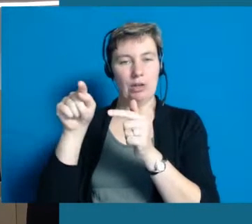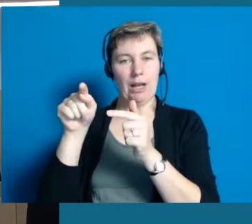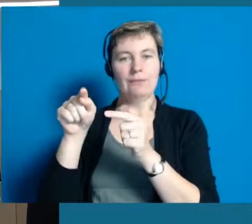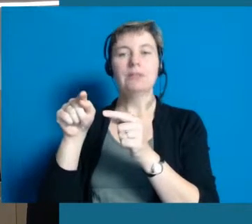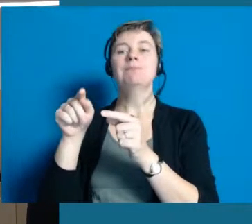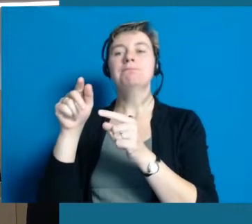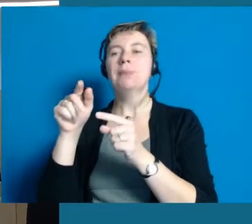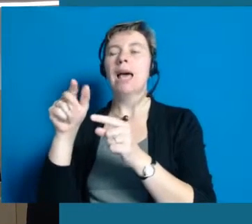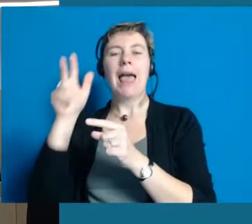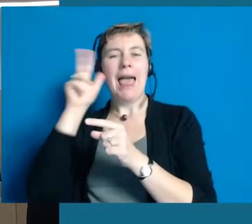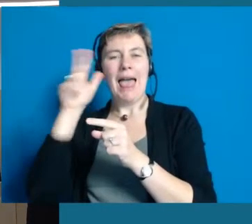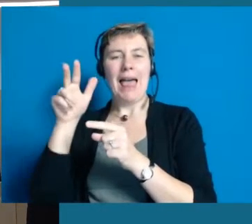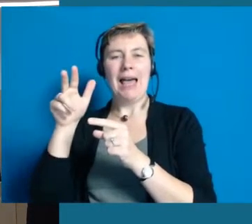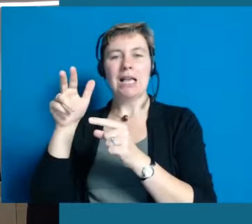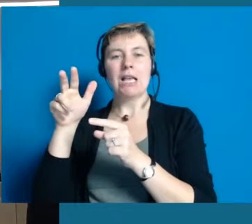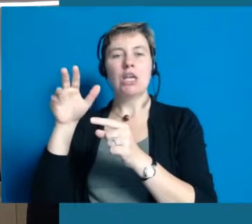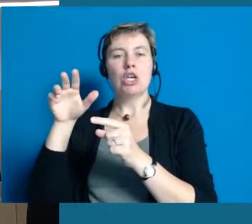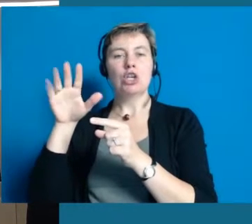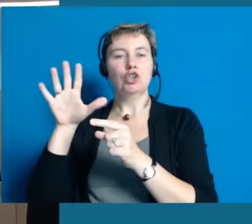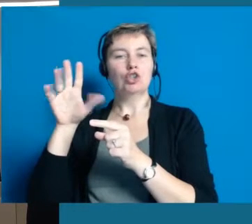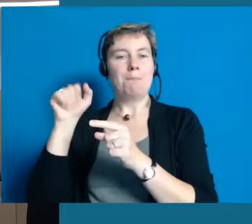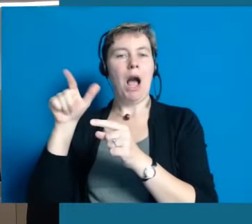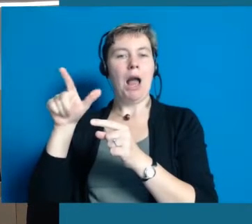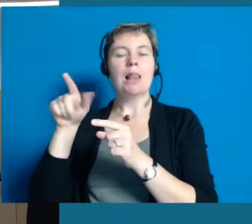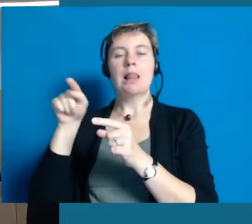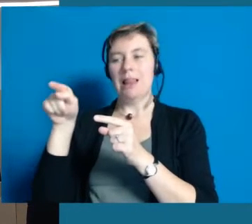Der Leiter der Einrichtung, Herr Schmal, ist hier
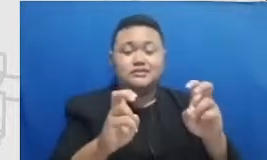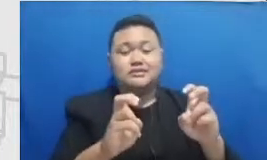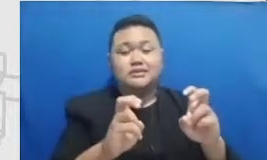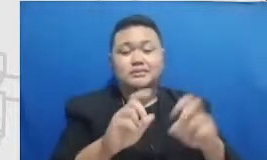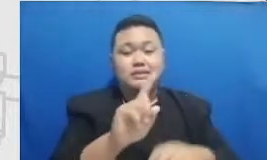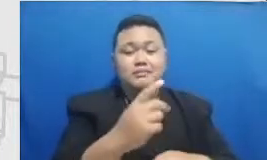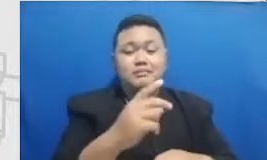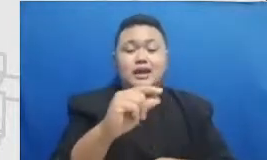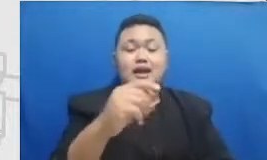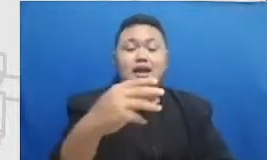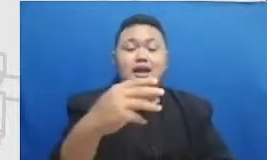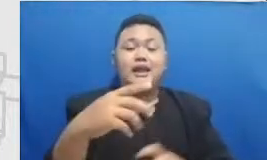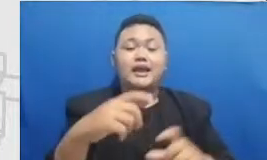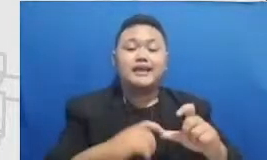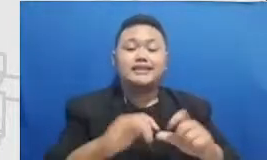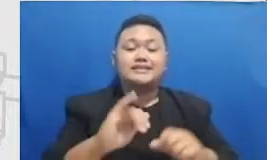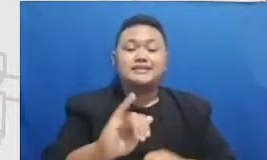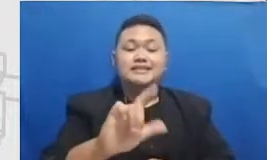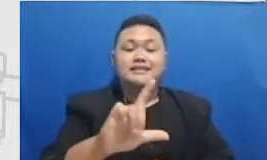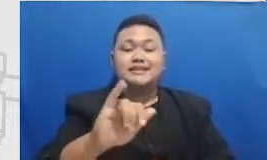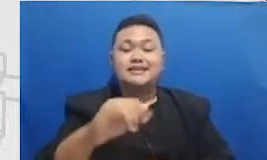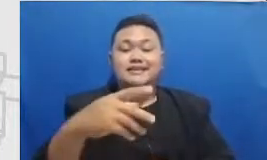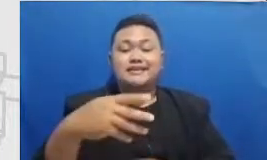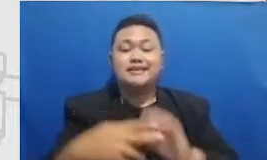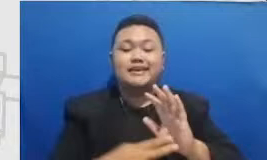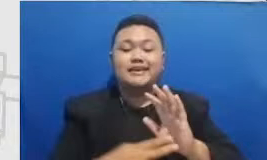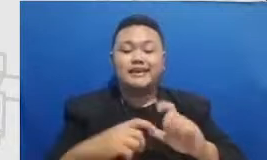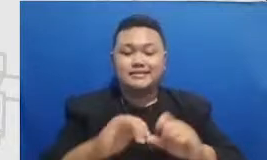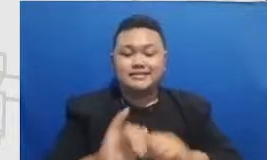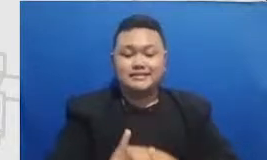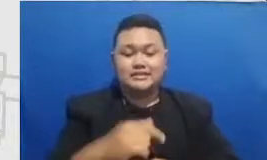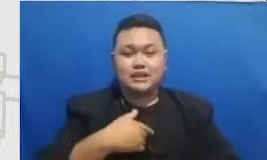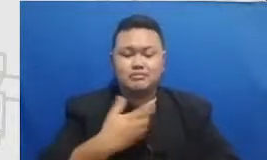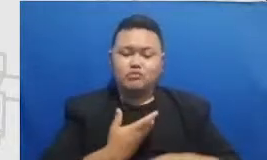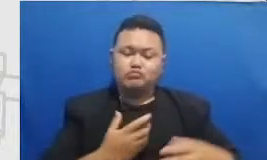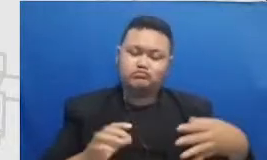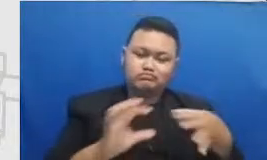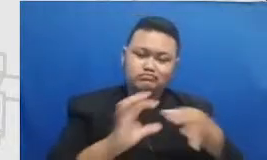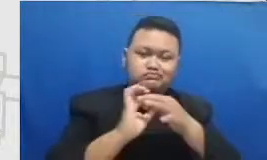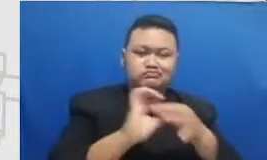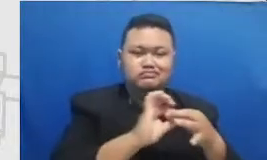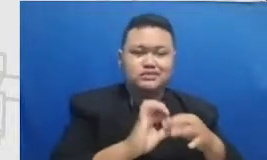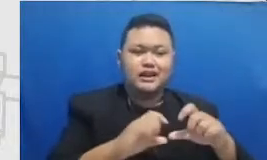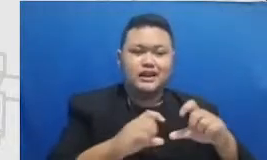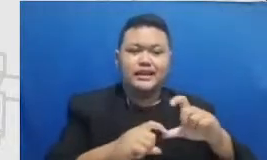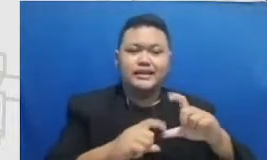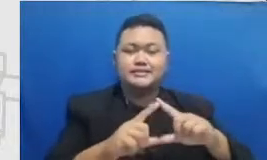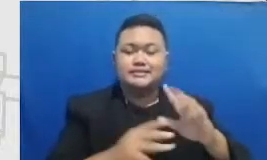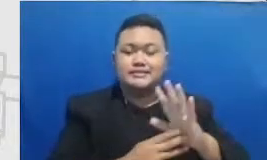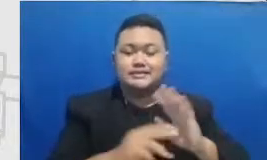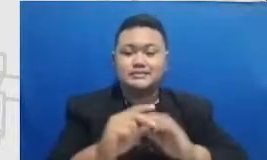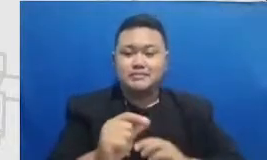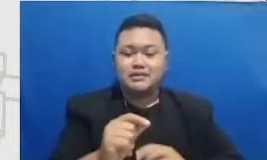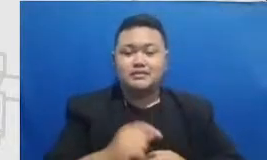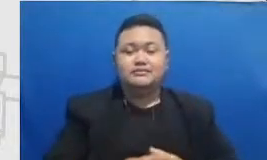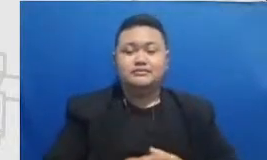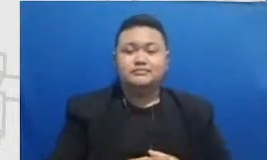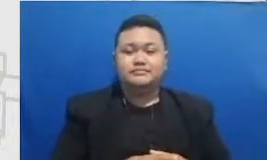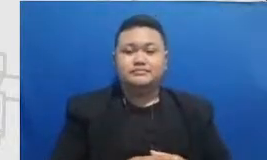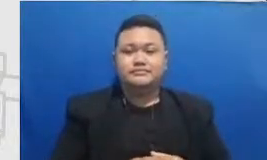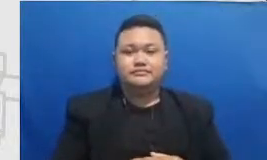Kyle topik Residence ini dengan Sema tadi kita melihat Semar sebagai peta
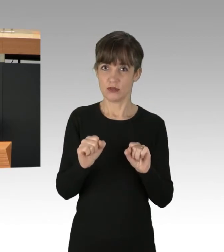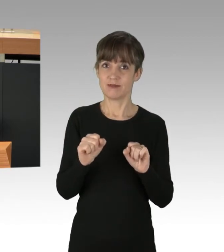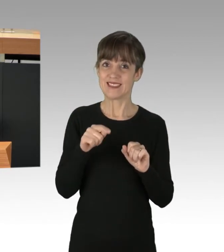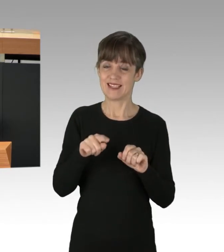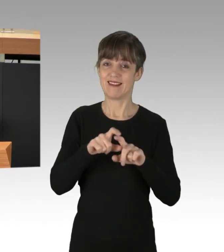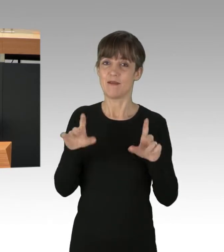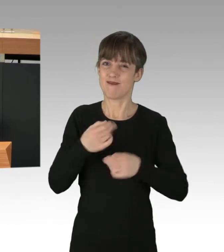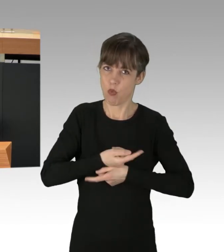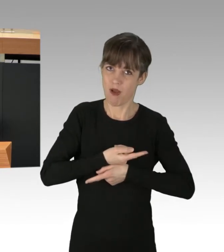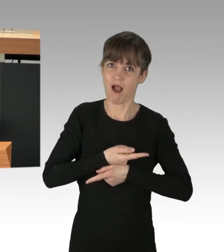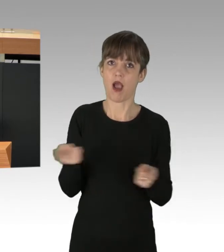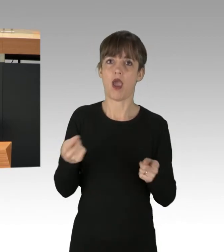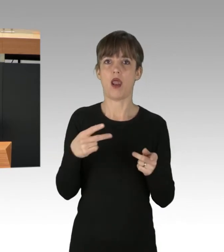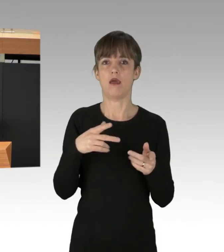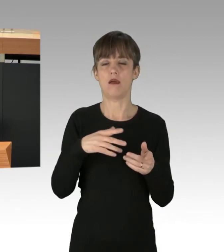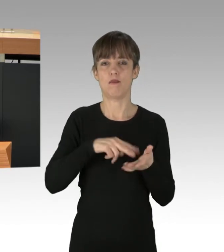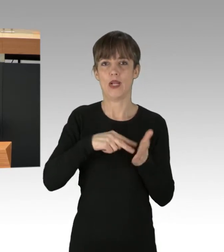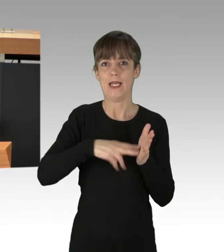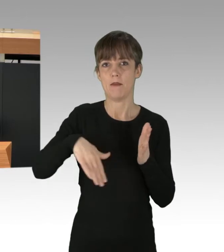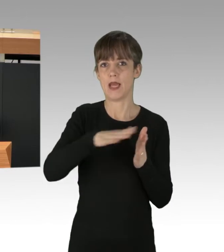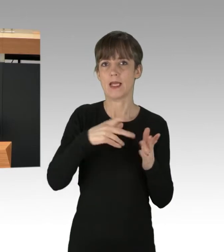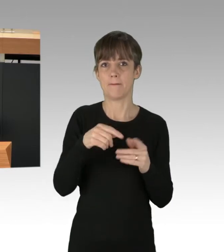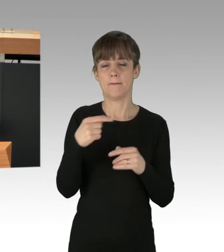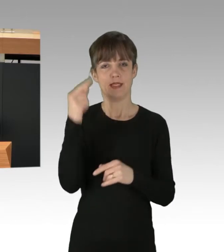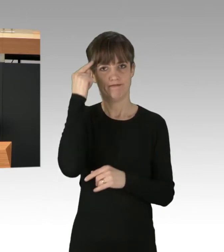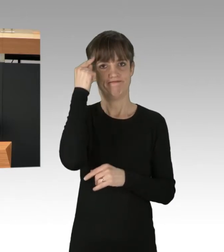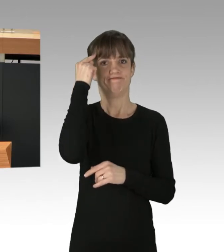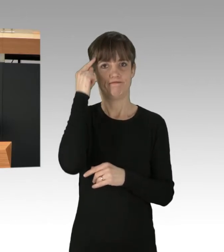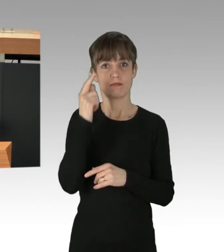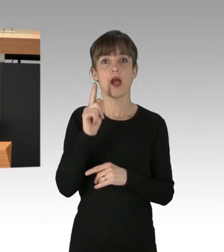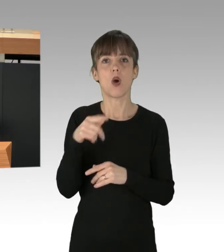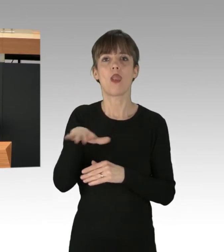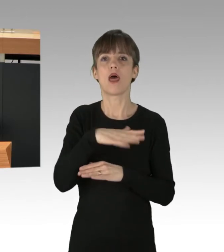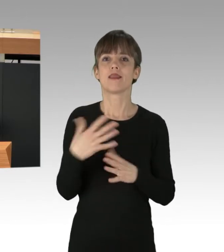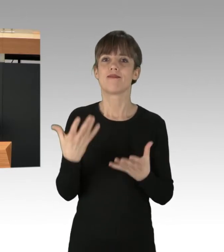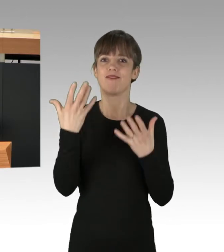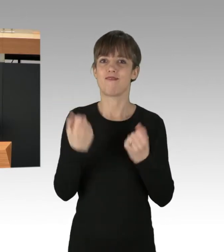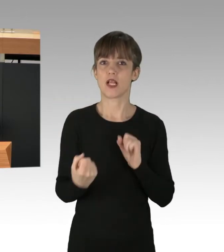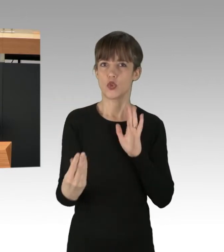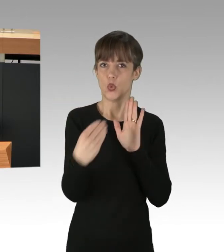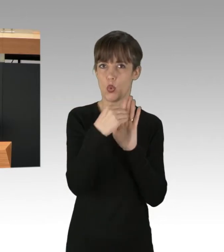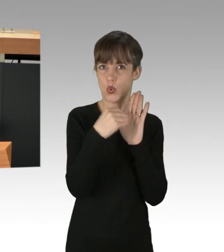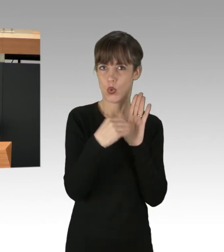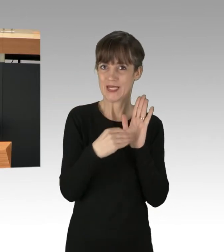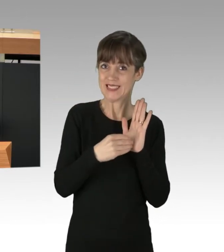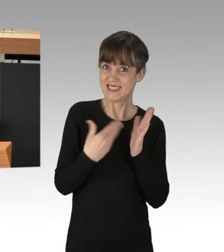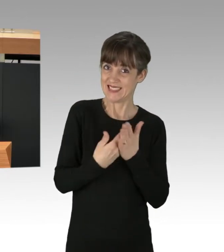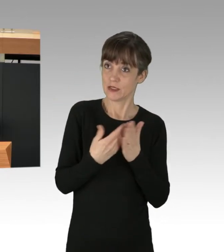in allen Politikbereichen zu berücksichtigen und diesen auch in die Landesverfassung mit aufzunehmen. Das ist mehr als nur Symbolpolitik,

▸ PROBLEM DESCRIPTION
In transcribing the listing, keep each word as it is and drop the pictures.

▸ TASK OUTPUT
Der Leiter der Einrichtung, Herr Schmal, ist hier
Kyle topik Residence ini dengan Sema tadi kita melihat Semar sebagai peta
in allen Politikbereichen zu berücksichtigen und diesen auch in die Landesverfassung mit aufzunehmen. Das ist mehr als nur Symbolpolitik,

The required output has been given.